The students always enjoy having the servicemembers come to the school. They like learning from and having the opportunity to play with the Americans, explained Tayamen.

“This gives the Okinawans an opportunity to learn the English language and to learn about our culture,” Tayamen said. “The school really enjoys having us come out and the children love having the chance to play with new people.”

The Okinawan children are not the only ones who enjoy the playtime they’re afforded at the school, explained Seaman Felipe O. Cameroamortegui, a lab technician also with 3rd Medical Bn., 3rd FSSG.

“The funnest thing I did was play ‘Duck Duck Goose’ with the little kids, even if I did happen to get caught,” said Pfc. Robert Radabaugh, electro-optical ordnance repairer, Ordnance Maintenance Company, 3rd Materiel Readiness Battalion, 3rd Force Service Support Group.

The servicemembers went to the school to teach the Okinawans, but they left having had an excellent learning experience themselves, explained Cameroamortegui.

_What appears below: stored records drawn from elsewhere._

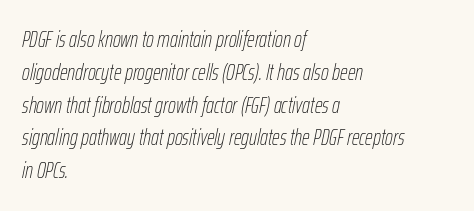
The image shows 22 px text type, italic (leaning right); set left-aligned, normal line spacing (1.49x), normal letter spacing, not underlined.
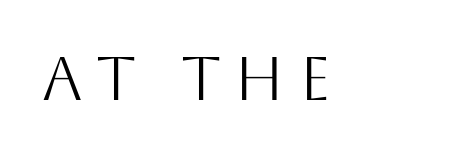
The image shows 62 px light sans-serif type, upright; set unusually wide letter spacing (+0.22 em), not underlined; medium stroke contrast and a large x-height.
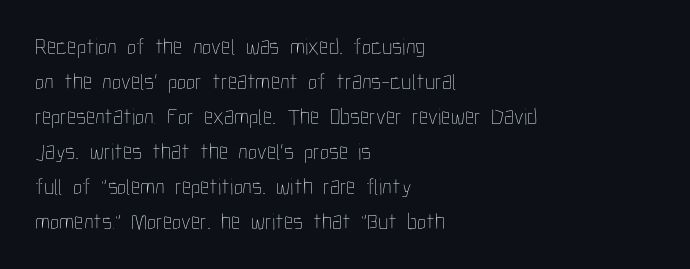
The image shows 23 px text type, upright; set left-aligned, normal line spacing (1.52x), normal letter spacing, not underlined.
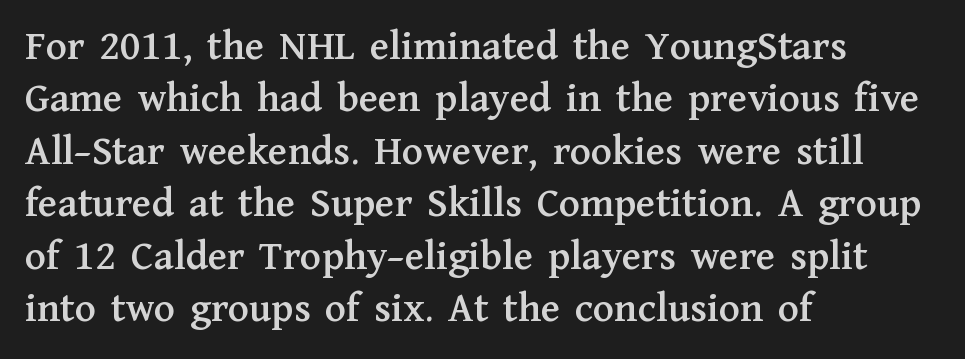
{"serif": "yes", "italic": "no", "width": "normal", "stroke_contrast": "medium", "x_height": "medium", "monospaced": "no", "underline": "no", "align": "left", "line_spacing_ratio": 1.22, "letter_spacing": "normal", "letter_spacing_em": 0.0, "glyph_px": 43}
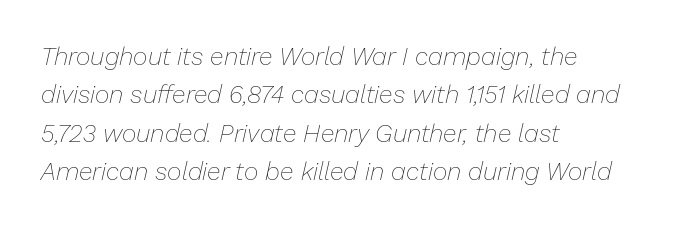
The image shows 25 px text type, italic (leaning right); set left-aligned, normal line spacing (1.54x), normal letter spacing, not underlined.
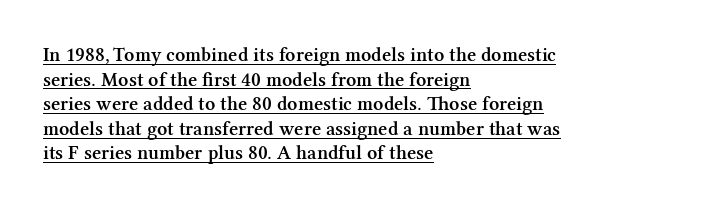
The image shows 20 px text type, upright; set left-aligned, line spacing 1.23x, normal letter spacing, underlined.
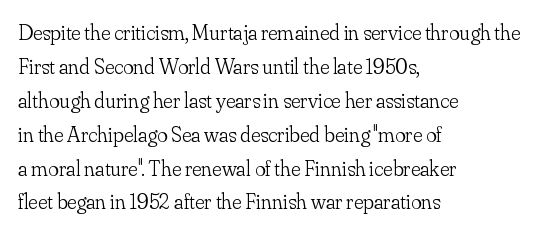
The image shows 22 px text type, upright; set left-aligned, normal line spacing (1.54x), normal letter spacing, not underlined.

“Teaching the Okinawan kids English helps keep me motivated and out of trouble,” Radabaugh said. “I try to be more responsible knowing I’m in a position to be a role model for these kids. If I were to get in trouble I wouldn’t be able to do this anymore.”

As well as teaching the Okinawan children English and the long-term goal of building a U.S. – Okinawa relationship, Marines and sailors learned other valuable lessons, said Tayamen.

“I really enjoy the cultural experience,” said Cameroamortegui. “The kids start to feel like your little brothers and sisters after awhile. I like being able to show them the good side of the American culture. I think it will help build strong bonds for the future.”